===== INPUT FOR THIS TASK

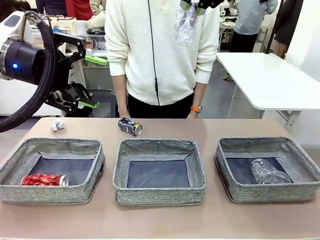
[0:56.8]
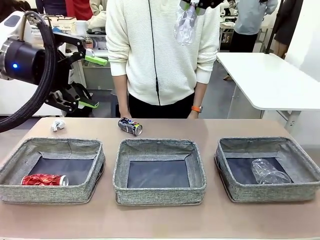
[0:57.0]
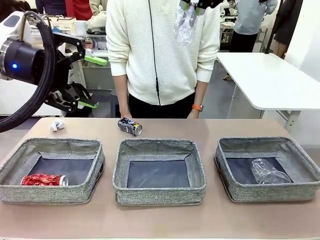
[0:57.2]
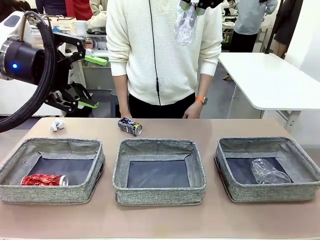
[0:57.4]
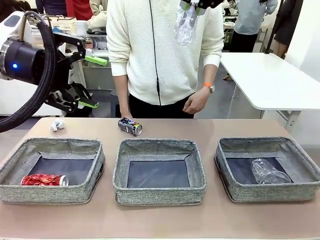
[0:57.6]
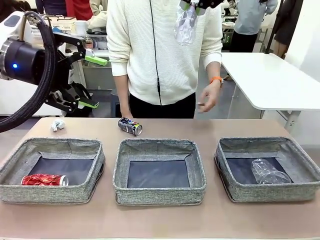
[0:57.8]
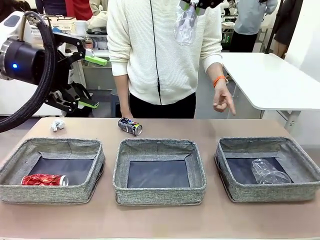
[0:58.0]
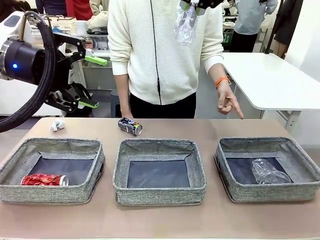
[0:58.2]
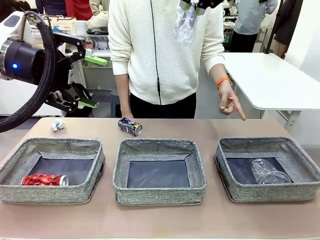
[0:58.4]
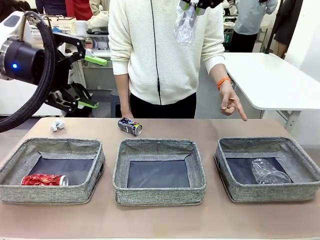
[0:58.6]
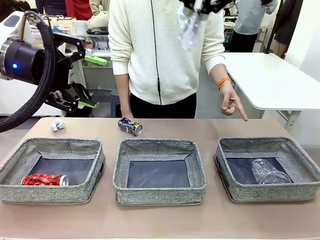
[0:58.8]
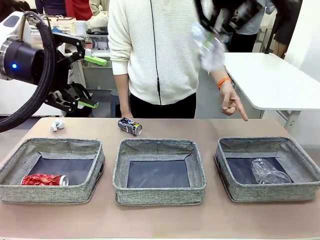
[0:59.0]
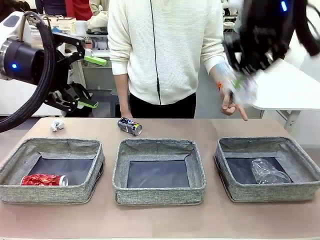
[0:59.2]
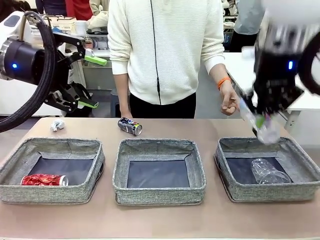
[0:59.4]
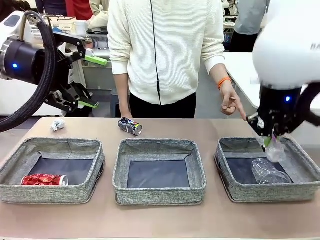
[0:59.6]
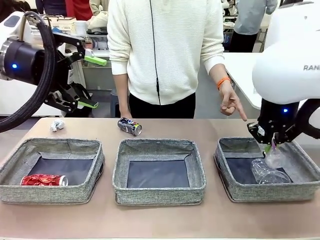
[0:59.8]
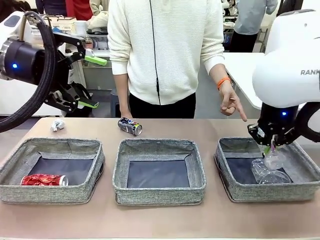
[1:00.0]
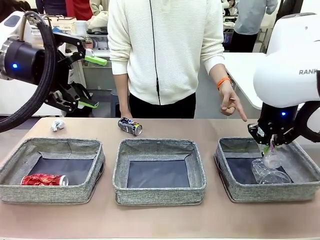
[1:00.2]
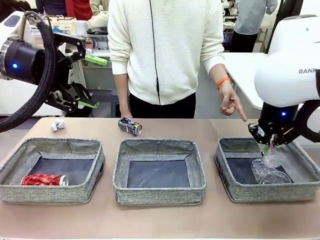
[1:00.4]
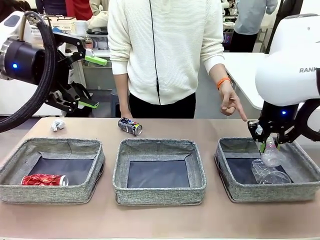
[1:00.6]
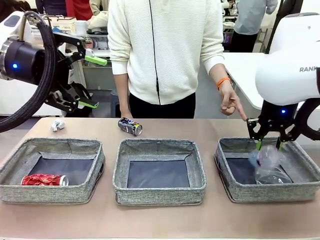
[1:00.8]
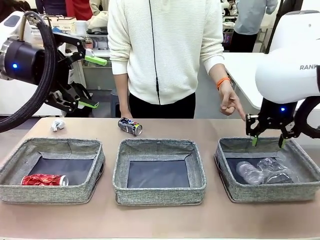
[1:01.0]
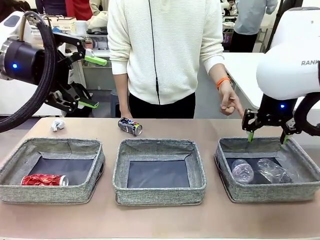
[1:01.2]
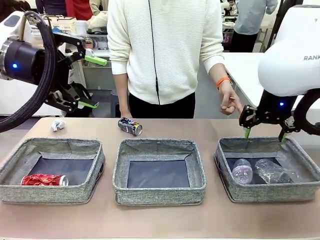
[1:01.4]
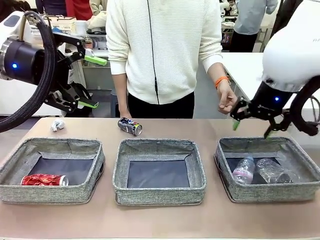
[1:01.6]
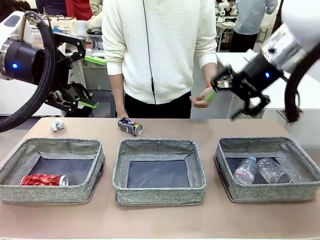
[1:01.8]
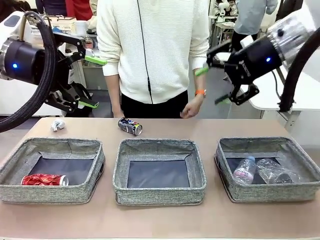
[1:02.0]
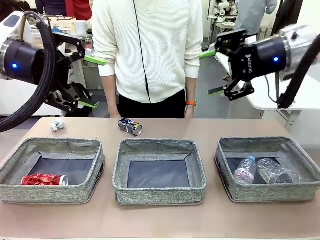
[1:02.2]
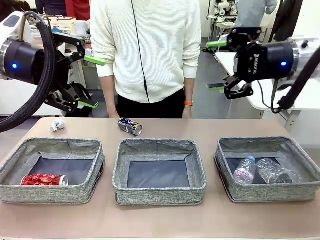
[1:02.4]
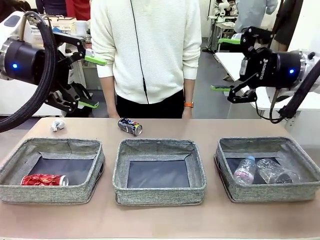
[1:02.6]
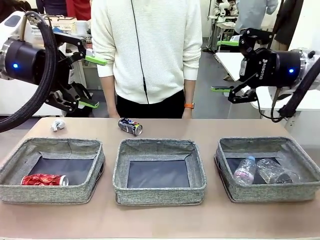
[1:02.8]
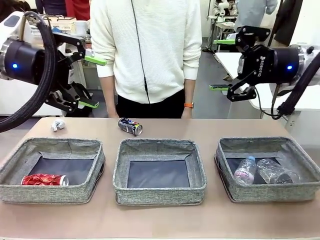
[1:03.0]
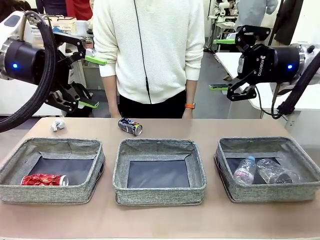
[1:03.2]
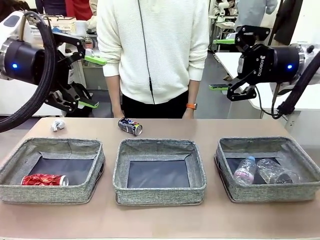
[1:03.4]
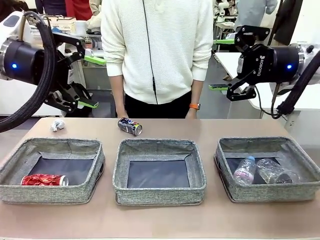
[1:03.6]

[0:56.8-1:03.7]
Task: Sort the waste into the appropriate baskets.
Robot: Place the picked waste into the Fabric basket indicated by the person.
Person: Instructs the robot to place the picked-up trash into the appropriate organizing basket.

==========

■ **WORK INSTRUCTION**
Once the pictures are removed, repeat all of the data above exactly.

■ **WRITTEN SOLUTION**
[0:56.8]
[0:57.0]
[0:57.2]
[0:57.4]
[0:57.6]
[0:57.8]
[0:58.0]
[0:58.2]
[0:58.4]
[0:58.6]
[0:58.8]
[0:59.0]
[0:59.2]
[0:59.4]
[0:59.6]
[0:59.8]
[1:00.0]
[1:00.2]
[1:00.4]
[1:00.6]
[1:00.8]
[1:01.0]
[1:01.2]
[1:01.4]
[1:01.6]
[1:01.8]
[1:02.0]
[1:02.2]
[1:02.4]
[1:02.6]
[1:02.8]
[1:03.0]
[1:03.2]
[1:03.4]
[1:03.6]

[0:56.8-1:03.7]
Task: Sort the waste into the appropriate baskets.
Robot: Place the picked waste into the Fabric basket indicated by the person.
Person: Instructs the robot to place the picked-up trash into the appropriate organizing basket.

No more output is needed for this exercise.